WORK REQUEST » What lines of the data hold the string "input"? Copy them all.

--- DATA TO EXAMINE Enclosed Below ---

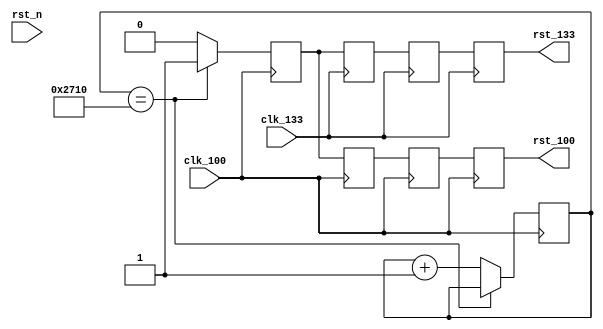
module reset_gen
(
	clk_100,
	clk_133,
	rst_n,
	rst_100,
	rst_133
);

	input 		clk_100;
	input		clk_133;
	input 		rst_n;
	output reg	rst_100;
	output reg	rst_133;
	reg			rst_133a = 1;
	reg			rst_133b = 1;
	reg[32:0]	cnt_rst = 0;
	reg			rst = 0;
	reg[32:0]	cnt_init = 0;
	reg			rst_init = 0; // low valid
	reg			rst_100a = 0;
	reg			rst_100b = 0;
	
	wire		rst_use;
// generate a low valid rst signal per 5s
	reg			rst_freq = 1;
	reg			rst_freq_1p = 1;
	reg[1:0]	rst_mode = 0; // 0 for 3s,1 for 4s,2 for 5s, 4 for 6s;
	reg[31:0]	cnt_10ns = 0; // 100_000_000 for 1s

	
	
	
	always @(posedge clk_100) begin
		if(cnt_init == 32'd10000) begin
			cnt_init <= cnt_init;
			rst_init <= 1;
		end
		
		else begin
			cnt_init <= cnt_init + 1;
			rst_init <= 0;
		end
	end	


	always @(posedge clk_100) begin
		if(!rst_n) begin
			if(cnt_rst == 32'd100) begin //10ms
				cnt_rst <= cnt_rst;
				rst <= 0;
			end
			else begin
				cnt_rst <= cnt_rst + 1;
				rst <= 1;
			end
		end
		else begin
			cnt_rst <= 0;
			rst <= 1;
		end
	end



//	always @(posedge clk_100) begin
//		rst_freq_1p <= rst_freq;
//		if(rst_freq && !rst_freq_1p) begin
//			rst_mode <= rst_mode + 1;
//		end
//	end
//	always @(posedge clk_100) begin
//		case(rst_mode)
//			0 : begin
//				if(rst_freq == 1 && cnt_10ns >= 32'd80_000_013) begin
//					rst_freq <= ~rst_freq;
//					cnt_10ns <= 0;
//				end
//				else if(rst_freq == 0 && cnt_10ns >= 32'd40_000_000) begin
//					rst_freq <= ~rst_freq;
//					cnt_10ns <= 0;
//				end
//				else begin
//					cnt_10ns <= cnt_10ns + 1;
//				end
//			end
//			1 : begin
//				if(rst_freq == 1 && cnt_10ns >= 32'd90_000_000) begin
//					rst_freq <= ~rst_freq;
//					cnt_10ns <= 0;
//				end
//				else if(rst_freq == 0 && cnt_10ns >= 32'd40_000_000) begin
//					rst_freq <= ~rst_freq;
//					cnt_10ns <= 0;
//				end
//				else begin
//					cnt_10ns <= cnt_10ns + 1;
//				end		
//			end
//			2 : begin
//				if(rst_freq == 1 && cnt_10ns >= 32'd100_000_000) begin
//					rst_freq <= ~rst_freq;
//					cnt_10ns <= 0;
//				end
//				else if(rst_freq == 0 && cnt_10ns >= 32'd40_000_000) begin
//					rst_freq <= ~rst_freq;
//					cnt_10ns <= 0;
//				end
//				else begin
//					cnt_10ns <= cnt_10ns + 1;
//				end			
//			end
//			3 : begin
//				if(rst_freq == 1 && cnt_10ns >= 32'd110_000_000) begin
//					rst_freq <= ~rst_freq;
//					cnt_10ns <= 0;
//				end
//				else if(rst_freq == 0 && cnt_10ns >= 32'd40_000_000) begin
//					rst_freq <= ~rst_freq;
//					cnt_10ns <= 0;
//				end
//				else begin
//					cnt_10ns <= cnt_10ns + 1;
//				end		
//			end
//		endcase
//	end
	
	
	
	assign rst_use = rst_init;
	
	always @(posedge clk_100) begin
		rst_100b <= rst_use;
		rst_100a <= rst_100b;
		rst_100 <= rst_100a;
	end
	
	
	always @(posedge clk_133) begin
			rst_133a <= rst_use;
			rst_133b <= rst_133a;
			rst_133  <= rst_133b;
		
	end
endmodule
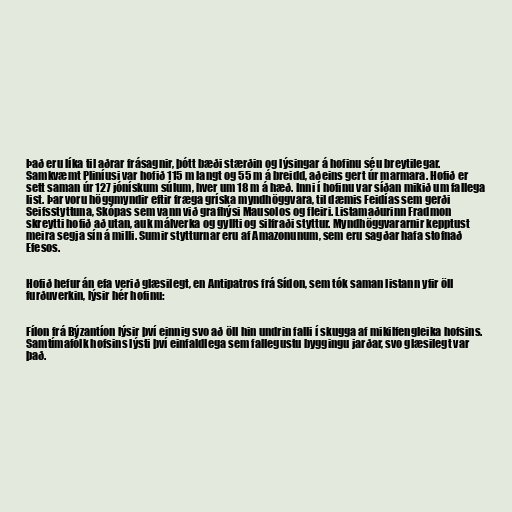
Það eru líka til aðrar frásagnir, þótt bæði stærðin og lýsingar á hofinu séu breytilegar.
Samkvæmt Pliníusi var hofið 115 m langt og 55 m á breidd, aðeins gert úr marmara. Hofið er
sett saman úr 127 jónískum súlum, hver um 18 m á hæð. Inni í hofinu var síðan mikið um fallega
list. Þar voru höggmyndir eftir fræga gríska myndhöggvara, til dæmis Feidías sem gerði
Seifsstyttuna, Skópas sem vann við grafhýsi Mausolos og fleiri. Listamaðurinn Fradmon
skreytti hofið að utan, auk málverka og gyllti og silfraði styttur. Myndhöggvararnir kepptust
meira segja sín á milli. Sumir stytturnar eru af Amazonunum, sem eru sagðar hafa stofnað
Efesos.

Hofið hefur án efa verið glæsilegt, en Antipatros frá Sídon, sem tók saman listann yfir öll
furðuverkin, lýsir hér hofinu:

Fílon frá Býzantíon lýsir því einnig svo að öll hin undrin falli í skugga af mikilfengleika hofsins.
Samtímafólk hofsins lýsti því einfaldlega sem fallegustu byggingu jarðar, svo glæsilegt var
það.
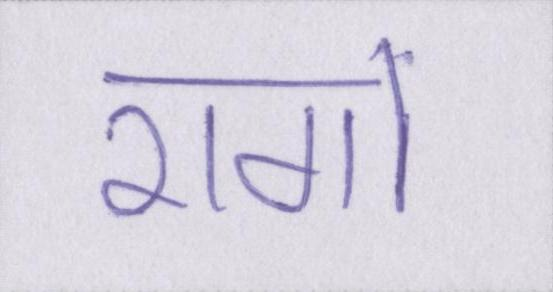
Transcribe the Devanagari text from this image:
रागों
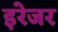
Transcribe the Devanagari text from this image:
इरेजर
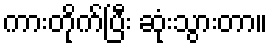
ကားတိုက်ပြီး ဆုံးသွားတာ။
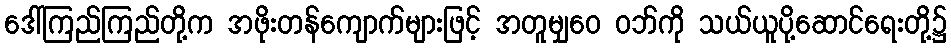
ဒေါ်ကြည်ကြည်တို့က အဖိုးတန်ကျောက်များဖြင့် အတူမျှဝေ ဝဘ်ကို သယ်ယူပို့ဆောင်ရေးတို့၌
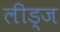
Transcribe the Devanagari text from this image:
लीड्ज
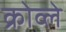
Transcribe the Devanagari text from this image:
क्रोव्ले
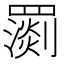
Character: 𦌧
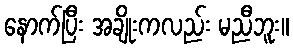
နောက်ပြီး အချိုးကလည်း မညီဘူး။
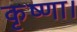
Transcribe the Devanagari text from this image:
कृष्णा।
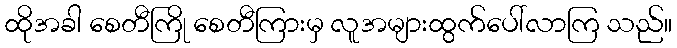
ထိုအခါ စေတီကြို စေတီကြားမှ လူအများထွက်ပေါ်လာကြ သည်။
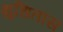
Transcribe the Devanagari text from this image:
क्षुधितांस
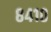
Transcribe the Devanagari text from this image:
८४१०
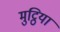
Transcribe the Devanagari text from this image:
मुट्ठियां
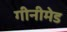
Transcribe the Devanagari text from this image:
गीनीमेड
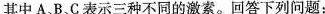
其中A、B，C表示三种不同的激素。回答下列问题：
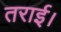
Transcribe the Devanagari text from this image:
तराई।
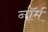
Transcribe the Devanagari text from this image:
नाॅर्म
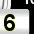
Digit: 6
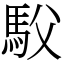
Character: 䭸
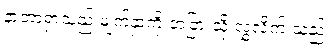
နာတာရှာသည် မျက်နှာကို တခြားသို့ လွှဲလိုက် သည်။
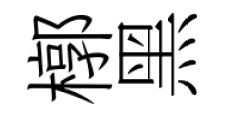
槨黑
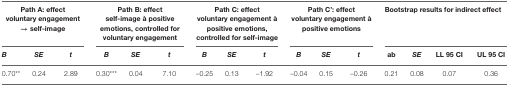
| <COLSPAN=3> Path A: effect voluntary engagement → self-image | <COLSPAN=3> Path B: effect self-image à positive emotions, controlled for voluntary engagement | <COLSPAN=3> Path C: effect voluntary engagement à positive emotions, controlled for self-image | <COLSPAN=3> Path C': effect voluntary engagement à positive emotions | <COLSPAN=4> Bootstrap results for indirect effect |
 | B | SE | t | B | SE | t | B | SE | t | B | SE | t | ab | SE | LL 95 CI | UL 95 CI |
 | --- | --- | --- | --- | --- | --- | --- | --- | --- | --- | --- | --- | --- | --- | --- | --- |
 | 0.70** | 0.24 | 2.89 | 0.30*** | 0.04 | 7.10 | –0.25 | 0.13 | –1.92 | –0.04 | 0.15 | –0.26 | 0.21 | 0.08 | 0.07 | 0.36 |
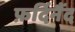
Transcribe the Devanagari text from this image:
फ़र्दिनैंद
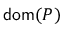
\mathsf { d o m } ( P )
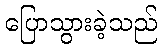
ပြောသွားခဲ့သည်

--- End of Enclosed DATA TO EXAMINE ---

WRITTEN REPLY »
	input 		clk_100;
	input		clk_133;
	input 		rst_n;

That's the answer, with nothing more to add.